# trailground brilon



## obiwen (12. März 2015)

Weiß jemand wie es um den Trailground Brilon bestellt ist ? Sollte doch Anfang diesen Jahres fertig werden. Im Internet gibt's nach wie vor nur die alten Pressemitteilungen vom Spätsommer letzten Jahres.


----------



## Ute-erace (22. März 2015)

Der Trail wird erst nach Ostern eröffnet. Beim Sturm sind neulich noch etliche Bäume auf den Trail gekippt. 
Kurze Warnung für alle: entlang der Strecke steht viel Wild, also Augen offen halten und nicht nur brettern. Übrigens
soll es ein familienfreundlicher Trail sein und so muss mit ganzen Familien gerechnet werden die langsam den Trail fahren.


----------



## MTB-News.de




----------



## Mountain77 (22. März 2015)

Danke für den Hinweis! Wie sind den sonst so die Streckenverhaeltnisse um Brilon?

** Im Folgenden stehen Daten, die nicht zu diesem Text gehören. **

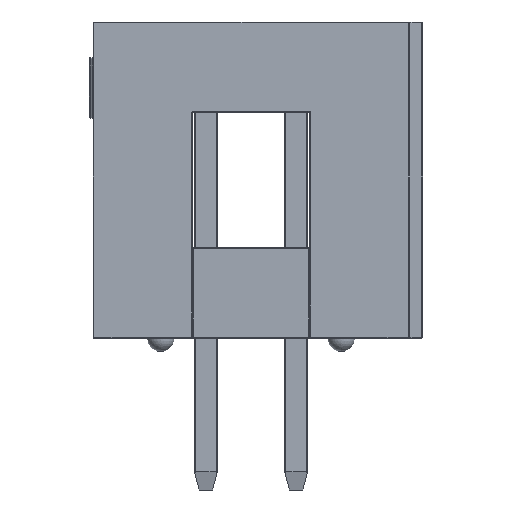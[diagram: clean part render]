
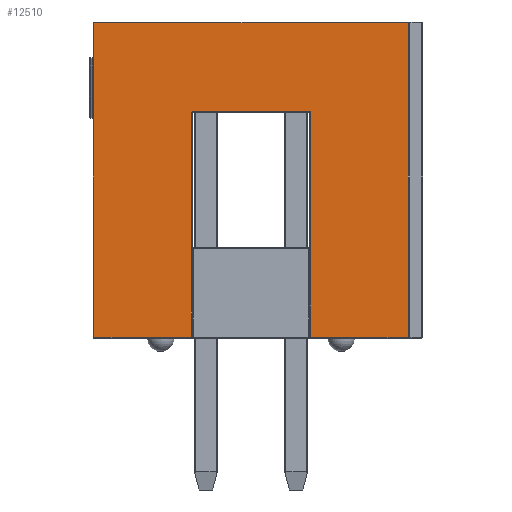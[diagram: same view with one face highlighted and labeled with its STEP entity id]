
A CAD part, left-side view. The second image highlights one B-rep face of the part: STEP entity #12510.
In plain terms, the highlighted planar face has unit normal (-1, 0, 0).
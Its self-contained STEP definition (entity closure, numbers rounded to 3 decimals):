
#767=PLANE('',#13500);
#1219=LINE('',#18116,#2580);
#1236=LINE('',#18342,#2597);
#1240=LINE('',#18366,#2601);
#1271=LINE('',#18518,#2632);
#1273=LINE('',#18521,#2634);
#1278=LINE('',#18529,#2639);
#1281=LINE('',#18533,#2642);
#1333=LINE('',#18611,#2694);
#2580=VECTOR('',#14532,10.);
#2597=VECTOR('',#14681,10.);
#2601=VECTOR('',#14709,10.);
#2632=VECTOR('',#14890,10.);
#2634=VECTOR('',#14894,10.);
#2639=VECTOR('',#14905,10.);
#2642=VECTOR('',#14910,10.);
#2694=VECTOR('',#15014,10.);
#4240=FACE_OUTER_BOUND('',#4993,.T.);
#4993=EDGE_LOOP('',(#9927,#9928,#9929,#9930,#9931,#9932,#9933,#9934,#9935));
#5717=CIRCLE('',#13338,0.051);
#5884=VERTEX_POINT('',#17756);
#5921=VERTEX_POINT('',#17973);
#5940=VERTEX_POINT('',#18115);
#5985=VERTEX_POINT('',#18335);
#5994=VERTEX_POINT('',#18360);
#5995=VERTEX_POINT('',#18362);
#6020=VERTEX_POINT('',#18434);
#6021=VERTEX_POINT('',#18438);
#6034=VERTEX_POINT('',#18482);
#7133=EDGE_CURVE('',#5884,#5940,#1219,.T.);
#7198=EDGE_CURVE('',#5985,#5921,#1236,.T.);
#7208=EDGE_CURVE('',#5994,#5995,#5717,.T.);
#7210=EDGE_CURVE('',#5940,#5994,#1240,.T.);
#7287=EDGE_CURVE('',#6021,#6034,#1271,.T.);
#7289=EDGE_CURVE('',#6034,#6020,#1273,.T.);
#7294=EDGE_CURVE('',#5995,#6021,#1278,.T.);
#7297=EDGE_CURVE('',#6020,#5985,#1281,.T.);
#7349=EDGE_CURVE('',#5921,#5884,#1333,.T.);
#9927=ORIENTED_EDGE('',*,*,#7287,.F.);
#9928=ORIENTED_EDGE('',*,*,#7294,.F.);
#9929=ORIENTED_EDGE('',*,*,#7208,.F.);
#9930=ORIENTED_EDGE('',*,*,#7210,.F.);
#9931=ORIENTED_EDGE('',*,*,#7133,.F.);
#9932=ORIENTED_EDGE('',*,*,#7349,.F.);
#9933=ORIENTED_EDGE('',*,*,#7198,.F.);
#9934=ORIENTED_EDGE('',*,*,#7297,.F.);
#9935=ORIENTED_EDGE('',*,*,#7289,.F.);
#12510=ADVANCED_FACE('',(#4240),#767,.T.);
#13338=AXIS2_PLACEMENT_3D('',#18363,#14703,#14704);
#13500=AXIS2_PLACEMENT_3D('',#19297,#15463,#15464);
#14532=DIRECTION('',(0.,0.,1.));
#14681=DIRECTION('',(0.,0.,-1.));
#14703=DIRECTION('center_axis',(-1.,0.,0.));
#14704=DIRECTION('ref_axis',(0.,0.707,0.707));
#14709=DIRECTION('',(0.,1.,0.));
#14890=DIRECTION('',(0.,1.,0.));
#14894=DIRECTION('',(0.,0.,1.));
#14905=DIRECTION('',(0.,0.,-1.));
#14910=DIRECTION('',(0.,-1.,0.));
#15014=DIRECTION('',(0.,1.,0.));
#15463=DIRECTION('center_axis',(-1.,0.,0.));
#15464=DIRECTION('ref_axis',(0.,-1.,0.));
#17756=CARTESIAN_POINT('',(-47.625,-1.676,0.025));
#17973=CARTESIAN_POINT('',(-47.625,-4.42,0.025));
#18115=CARTESIAN_POINT('',(-47.625,-1.676,6.375));
#18116=CARTESIAN_POINT('',(-47.625,-1.676,3.175));
#18335=CARTESIAN_POINT('',(-47.625,-4.42,8.865));
#18342=CARTESIAN_POINT('',(-47.625,-4.42,0.));
#18360=CARTESIAN_POINT('',(-47.625,1.626,6.375));
#18362=CARTESIAN_POINT('',(-47.625,1.676,6.325));
#18363=CARTESIAN_POINT('Origin',(-47.625,1.626,6.325));
#18366=CARTESIAN_POINT('',(-47.625,3.048,6.375));
#18434=CARTESIAN_POINT('',(-47.625,4.42,8.865));
#18438=CARTESIAN_POINT('',(-47.625,1.676,0.025));
#18482=CARTESIAN_POINT('',(-47.625,4.42,0.025));
#18518=CARTESIAN_POINT('',(-47.625,2.223,0.025));
#18521=CARTESIAN_POINT('',(-47.625,4.42,0.));
#18529=CARTESIAN_POINT('',(-47.625,1.676,0.));
#18533=CARTESIAN_POINT('',(-47.625,2.223,8.865));
#18611=CARTESIAN_POINT('',(-47.625,2.223,0.025));
#19297=CARTESIAN_POINT('Origin',(-47.625,4.445,0.));

Wir sollten vielleicht hier weiterschreiben:
http://www.mtb-news.de/forum/t/neuer-trail-um-brilon.722157/page-2


----------



## liquid-life-de (10. April 2015)

Hier ein paar neue Bilder und Infos: 

http://www.liquid-life.de/trailground-brilon#

Die offizielle Eröffnung ist am 18.04.2015 !


----------